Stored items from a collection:
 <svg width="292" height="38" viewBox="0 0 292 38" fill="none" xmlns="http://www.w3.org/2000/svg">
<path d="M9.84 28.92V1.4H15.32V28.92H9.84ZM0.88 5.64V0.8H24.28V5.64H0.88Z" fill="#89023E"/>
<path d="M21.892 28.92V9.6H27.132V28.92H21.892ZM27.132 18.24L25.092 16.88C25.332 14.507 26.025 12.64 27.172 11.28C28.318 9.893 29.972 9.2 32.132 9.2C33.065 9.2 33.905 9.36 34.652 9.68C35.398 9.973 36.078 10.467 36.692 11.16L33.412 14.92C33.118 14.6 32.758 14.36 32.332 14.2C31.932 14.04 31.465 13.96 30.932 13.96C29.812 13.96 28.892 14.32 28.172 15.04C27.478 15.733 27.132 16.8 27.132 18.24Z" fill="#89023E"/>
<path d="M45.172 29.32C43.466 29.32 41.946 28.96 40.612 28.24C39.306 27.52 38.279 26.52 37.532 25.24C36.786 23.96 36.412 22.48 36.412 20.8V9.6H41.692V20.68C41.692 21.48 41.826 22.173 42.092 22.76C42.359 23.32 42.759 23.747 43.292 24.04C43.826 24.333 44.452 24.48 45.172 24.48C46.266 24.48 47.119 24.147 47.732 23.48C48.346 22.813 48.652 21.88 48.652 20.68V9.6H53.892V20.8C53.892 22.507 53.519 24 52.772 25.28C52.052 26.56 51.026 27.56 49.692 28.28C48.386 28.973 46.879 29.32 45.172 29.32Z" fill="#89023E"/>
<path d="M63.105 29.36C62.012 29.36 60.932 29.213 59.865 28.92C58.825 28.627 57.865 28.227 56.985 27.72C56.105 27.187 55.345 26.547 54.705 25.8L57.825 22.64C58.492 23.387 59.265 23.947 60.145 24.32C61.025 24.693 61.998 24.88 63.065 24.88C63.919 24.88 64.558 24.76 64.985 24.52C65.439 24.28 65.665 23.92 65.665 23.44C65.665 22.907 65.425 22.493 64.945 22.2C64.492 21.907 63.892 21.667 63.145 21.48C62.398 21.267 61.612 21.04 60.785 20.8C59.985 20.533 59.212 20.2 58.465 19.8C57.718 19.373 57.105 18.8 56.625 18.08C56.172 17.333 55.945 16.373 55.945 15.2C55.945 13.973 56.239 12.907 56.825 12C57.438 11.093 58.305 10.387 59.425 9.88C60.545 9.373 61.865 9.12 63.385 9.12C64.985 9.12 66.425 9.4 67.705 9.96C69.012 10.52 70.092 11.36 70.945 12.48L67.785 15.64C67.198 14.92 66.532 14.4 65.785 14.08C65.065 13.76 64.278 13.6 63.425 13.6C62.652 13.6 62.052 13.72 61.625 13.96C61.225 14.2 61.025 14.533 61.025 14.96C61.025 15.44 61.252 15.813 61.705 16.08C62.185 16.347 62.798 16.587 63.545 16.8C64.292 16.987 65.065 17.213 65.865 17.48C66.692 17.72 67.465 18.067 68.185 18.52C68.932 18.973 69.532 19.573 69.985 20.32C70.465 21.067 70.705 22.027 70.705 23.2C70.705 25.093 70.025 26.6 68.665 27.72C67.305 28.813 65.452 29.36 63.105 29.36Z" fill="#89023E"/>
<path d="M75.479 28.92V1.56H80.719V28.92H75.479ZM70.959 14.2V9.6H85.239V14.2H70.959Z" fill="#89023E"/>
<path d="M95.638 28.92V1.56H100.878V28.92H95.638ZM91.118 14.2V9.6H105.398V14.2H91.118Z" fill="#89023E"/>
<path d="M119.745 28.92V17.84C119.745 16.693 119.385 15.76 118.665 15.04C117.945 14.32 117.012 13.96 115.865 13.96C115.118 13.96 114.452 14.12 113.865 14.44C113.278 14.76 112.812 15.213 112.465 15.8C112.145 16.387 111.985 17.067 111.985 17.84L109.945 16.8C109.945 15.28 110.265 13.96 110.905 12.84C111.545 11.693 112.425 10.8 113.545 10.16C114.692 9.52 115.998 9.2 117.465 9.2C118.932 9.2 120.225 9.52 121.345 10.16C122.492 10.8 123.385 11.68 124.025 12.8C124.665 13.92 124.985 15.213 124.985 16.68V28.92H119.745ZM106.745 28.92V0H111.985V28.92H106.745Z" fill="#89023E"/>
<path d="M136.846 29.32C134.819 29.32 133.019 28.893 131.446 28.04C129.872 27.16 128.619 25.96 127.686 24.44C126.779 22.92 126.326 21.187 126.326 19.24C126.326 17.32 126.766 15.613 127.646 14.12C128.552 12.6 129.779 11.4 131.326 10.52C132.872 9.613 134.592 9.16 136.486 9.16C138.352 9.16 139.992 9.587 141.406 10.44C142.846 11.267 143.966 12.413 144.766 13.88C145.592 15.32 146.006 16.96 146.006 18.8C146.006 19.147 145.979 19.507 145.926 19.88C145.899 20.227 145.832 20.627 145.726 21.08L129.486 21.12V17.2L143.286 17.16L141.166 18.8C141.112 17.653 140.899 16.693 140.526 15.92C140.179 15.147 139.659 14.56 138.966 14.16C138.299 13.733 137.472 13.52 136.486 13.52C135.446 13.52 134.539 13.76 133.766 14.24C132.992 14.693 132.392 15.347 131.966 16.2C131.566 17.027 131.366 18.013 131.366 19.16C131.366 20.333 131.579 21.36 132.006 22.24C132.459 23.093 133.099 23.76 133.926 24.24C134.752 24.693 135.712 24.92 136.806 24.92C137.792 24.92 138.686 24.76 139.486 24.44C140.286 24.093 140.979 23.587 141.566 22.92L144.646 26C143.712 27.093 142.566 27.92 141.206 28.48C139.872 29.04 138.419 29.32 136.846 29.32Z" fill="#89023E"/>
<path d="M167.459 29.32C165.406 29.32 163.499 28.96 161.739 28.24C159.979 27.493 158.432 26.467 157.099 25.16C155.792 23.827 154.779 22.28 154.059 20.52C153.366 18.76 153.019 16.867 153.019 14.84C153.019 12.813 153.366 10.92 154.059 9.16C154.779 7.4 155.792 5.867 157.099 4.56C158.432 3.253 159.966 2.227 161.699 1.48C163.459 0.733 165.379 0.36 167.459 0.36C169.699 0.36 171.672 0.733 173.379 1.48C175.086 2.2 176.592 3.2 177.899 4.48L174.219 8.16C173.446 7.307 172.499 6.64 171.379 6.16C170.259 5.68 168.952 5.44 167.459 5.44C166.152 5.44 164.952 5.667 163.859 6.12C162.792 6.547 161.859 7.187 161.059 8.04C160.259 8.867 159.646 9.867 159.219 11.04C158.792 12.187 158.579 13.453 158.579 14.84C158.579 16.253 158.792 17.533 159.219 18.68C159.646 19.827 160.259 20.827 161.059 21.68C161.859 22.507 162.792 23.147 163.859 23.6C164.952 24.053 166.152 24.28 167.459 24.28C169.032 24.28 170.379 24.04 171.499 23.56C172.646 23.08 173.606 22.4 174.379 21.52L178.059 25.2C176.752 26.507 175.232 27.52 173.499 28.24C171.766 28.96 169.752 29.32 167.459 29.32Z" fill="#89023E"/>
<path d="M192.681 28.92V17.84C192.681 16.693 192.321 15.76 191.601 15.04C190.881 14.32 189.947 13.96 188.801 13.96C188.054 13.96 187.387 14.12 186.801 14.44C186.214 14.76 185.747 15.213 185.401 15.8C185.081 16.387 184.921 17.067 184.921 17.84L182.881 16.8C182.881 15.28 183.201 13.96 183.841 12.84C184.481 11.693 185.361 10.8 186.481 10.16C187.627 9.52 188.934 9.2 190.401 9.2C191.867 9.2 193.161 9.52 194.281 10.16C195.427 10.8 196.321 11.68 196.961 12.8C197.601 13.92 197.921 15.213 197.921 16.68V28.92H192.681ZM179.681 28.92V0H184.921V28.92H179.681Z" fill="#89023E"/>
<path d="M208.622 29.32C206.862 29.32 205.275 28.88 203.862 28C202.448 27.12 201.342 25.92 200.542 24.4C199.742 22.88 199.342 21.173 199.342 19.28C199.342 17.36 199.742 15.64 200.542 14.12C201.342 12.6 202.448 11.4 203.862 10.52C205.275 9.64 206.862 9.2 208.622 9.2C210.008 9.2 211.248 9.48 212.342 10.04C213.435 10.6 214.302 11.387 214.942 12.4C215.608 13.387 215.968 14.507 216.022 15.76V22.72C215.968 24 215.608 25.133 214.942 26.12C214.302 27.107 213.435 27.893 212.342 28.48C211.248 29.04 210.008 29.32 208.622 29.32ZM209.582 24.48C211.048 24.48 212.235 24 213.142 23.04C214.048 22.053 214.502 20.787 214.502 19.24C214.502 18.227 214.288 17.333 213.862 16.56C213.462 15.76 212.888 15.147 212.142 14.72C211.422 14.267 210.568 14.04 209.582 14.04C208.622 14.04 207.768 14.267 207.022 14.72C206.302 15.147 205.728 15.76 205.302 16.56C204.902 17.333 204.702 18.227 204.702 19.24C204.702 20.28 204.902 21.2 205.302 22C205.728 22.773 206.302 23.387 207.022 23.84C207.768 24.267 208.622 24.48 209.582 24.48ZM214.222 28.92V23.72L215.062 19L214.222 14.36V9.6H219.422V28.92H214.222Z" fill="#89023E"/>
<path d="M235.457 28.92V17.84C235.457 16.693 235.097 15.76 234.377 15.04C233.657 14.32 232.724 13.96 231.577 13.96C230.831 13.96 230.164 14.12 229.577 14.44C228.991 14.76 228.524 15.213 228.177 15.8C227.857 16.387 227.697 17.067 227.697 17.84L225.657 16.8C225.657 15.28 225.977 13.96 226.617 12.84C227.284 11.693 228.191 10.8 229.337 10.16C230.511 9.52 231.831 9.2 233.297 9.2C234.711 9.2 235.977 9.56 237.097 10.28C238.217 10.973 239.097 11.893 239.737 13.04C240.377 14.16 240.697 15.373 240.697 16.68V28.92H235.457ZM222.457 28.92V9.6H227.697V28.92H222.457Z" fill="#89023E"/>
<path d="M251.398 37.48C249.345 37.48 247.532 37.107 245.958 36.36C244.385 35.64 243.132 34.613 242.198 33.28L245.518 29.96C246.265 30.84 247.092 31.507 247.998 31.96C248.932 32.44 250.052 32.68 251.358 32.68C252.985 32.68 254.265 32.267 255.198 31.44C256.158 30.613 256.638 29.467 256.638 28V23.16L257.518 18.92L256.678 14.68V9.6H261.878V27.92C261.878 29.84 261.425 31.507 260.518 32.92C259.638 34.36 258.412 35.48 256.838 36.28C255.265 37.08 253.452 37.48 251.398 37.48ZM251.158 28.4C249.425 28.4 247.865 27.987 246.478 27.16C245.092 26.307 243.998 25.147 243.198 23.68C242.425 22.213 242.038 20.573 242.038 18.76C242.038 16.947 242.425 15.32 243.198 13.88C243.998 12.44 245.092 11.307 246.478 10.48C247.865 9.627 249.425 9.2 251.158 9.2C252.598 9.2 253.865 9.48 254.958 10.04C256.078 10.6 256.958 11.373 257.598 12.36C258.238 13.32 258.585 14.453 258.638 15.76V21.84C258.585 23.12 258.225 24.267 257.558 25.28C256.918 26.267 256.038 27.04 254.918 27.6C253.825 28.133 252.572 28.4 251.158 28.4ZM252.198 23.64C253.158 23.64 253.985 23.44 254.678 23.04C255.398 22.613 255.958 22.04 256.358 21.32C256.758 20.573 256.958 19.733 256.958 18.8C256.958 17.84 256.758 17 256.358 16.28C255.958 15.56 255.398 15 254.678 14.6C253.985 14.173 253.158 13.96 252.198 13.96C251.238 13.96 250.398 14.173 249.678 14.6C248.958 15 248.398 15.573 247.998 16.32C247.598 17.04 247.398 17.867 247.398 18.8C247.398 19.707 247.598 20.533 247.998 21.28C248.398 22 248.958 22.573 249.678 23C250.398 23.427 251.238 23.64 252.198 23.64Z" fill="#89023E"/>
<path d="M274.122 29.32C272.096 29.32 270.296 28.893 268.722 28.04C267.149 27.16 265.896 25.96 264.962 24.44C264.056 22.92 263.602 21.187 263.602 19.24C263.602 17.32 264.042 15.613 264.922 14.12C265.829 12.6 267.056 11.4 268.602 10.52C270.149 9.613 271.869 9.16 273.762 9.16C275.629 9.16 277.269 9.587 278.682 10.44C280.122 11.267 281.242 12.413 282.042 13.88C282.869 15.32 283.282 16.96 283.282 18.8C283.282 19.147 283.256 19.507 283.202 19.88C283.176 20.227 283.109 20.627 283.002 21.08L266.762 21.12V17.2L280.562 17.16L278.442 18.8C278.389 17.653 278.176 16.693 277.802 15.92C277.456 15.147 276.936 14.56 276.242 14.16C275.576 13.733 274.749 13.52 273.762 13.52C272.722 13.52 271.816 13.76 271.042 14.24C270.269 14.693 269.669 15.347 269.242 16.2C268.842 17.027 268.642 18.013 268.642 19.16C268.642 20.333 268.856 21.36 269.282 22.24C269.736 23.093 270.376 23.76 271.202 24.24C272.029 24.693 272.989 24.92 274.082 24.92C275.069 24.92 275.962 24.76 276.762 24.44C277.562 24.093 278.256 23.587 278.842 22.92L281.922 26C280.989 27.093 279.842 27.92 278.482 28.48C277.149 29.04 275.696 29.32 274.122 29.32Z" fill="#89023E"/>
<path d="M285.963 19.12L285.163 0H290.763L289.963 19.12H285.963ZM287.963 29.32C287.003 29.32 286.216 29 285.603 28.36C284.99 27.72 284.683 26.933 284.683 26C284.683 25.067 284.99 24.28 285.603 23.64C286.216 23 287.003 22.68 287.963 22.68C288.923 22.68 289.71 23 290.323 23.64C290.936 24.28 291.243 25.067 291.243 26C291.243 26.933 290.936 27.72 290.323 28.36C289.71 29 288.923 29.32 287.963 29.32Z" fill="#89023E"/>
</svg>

*PROMPT*:
With the line that has "28.92V17.84C192.681 16.693 192.321" as the first and the line that has "29.32C206.862 29.32 205.275" as the last, repeat exactly that run of lines above and no more.

*WRITTEN REPLY*:
<path d="M192.681 28.92V17.84C192.681 16.693 192.321 15.76 191.601 15.04C190.881 14.32 189.947 13.96 188.801 13.96C188.054 13.96 187.387 14.12 186.801 14.44C186.214 14.76 185.747 15.213 185.401 15.8C185.081 16.387 184.921 17.067 184.921 17.84L182.881 16.8C182.881 15.28 183.201 13.96 183.841 12.84C184.481 11.693 185.361 10.8 186.481 10.16C187.627 9.52 188.934 9.2 190.401 9.2C191.867 9.2 193.161 9.52 194.281 10.16C195.427 10.8 196.321 11.68 196.961 12.8C197.601 13.92 197.921 15.213 197.921 16.68V28.92H192.681ZM179.681 28.92V0H184.921V28.92H179.681Z" fill="#89023E"/>
<path d="M208.622 29.32C206.862 29.32 205.275 28.88 203.862 28C202.448 27.12 201.342 25.92 200.542 24.4C199.742 22.88 199.342 21.173 199.342 19.28C199.342 17.36 199.742 15.64 200.542 14.12C201.342 12.6 202.448 11.4 203.862 10.52C205.275 9.64 206.862 9.2 208.622 9.2C210.008 9.2 211.248 9.48 212.342 10.04C213.435 10.6 214.302 11.387 214.942 12.4C215.608 13.387 215.968 14.507 216.022 15.76V22.72C215.968 24 215.608 25.133 214.942 26.12C214.302 27.107 213.435 27.893 212.342 28.48C211.248 29.04 210.008 29.32 208.622 29.32ZM209.582 24.48C211.048 24.48 212.235 24 213.142 23.04C214.048 22.053 214.502 20.787 214.502 19.24C214.502 18.227 214.288 17.333 213.862 16.56C213.462 15.76 212.888 15.147 212.142 14.72C211.422 14.267 210.568 14.04 209.582 14.04C208.622 14.04 207.768 14.267 207.022 14.72C206.302 15.147 205.728 15.76 205.302 16.56C204.902 17.333 204.702 18.227 204.702 19.24C204.702 20.28 204.902 21.2 205.302 22C205.728 22.773 206.302 23.387 207.022 23.84C207.768 24.267 208.622 24.48 209.582 24.48ZM214.222 28.92V23.72L215.062 19L214.222 14.36V9.6H219.422V28.92H214.222Z" fill="#89023E"/>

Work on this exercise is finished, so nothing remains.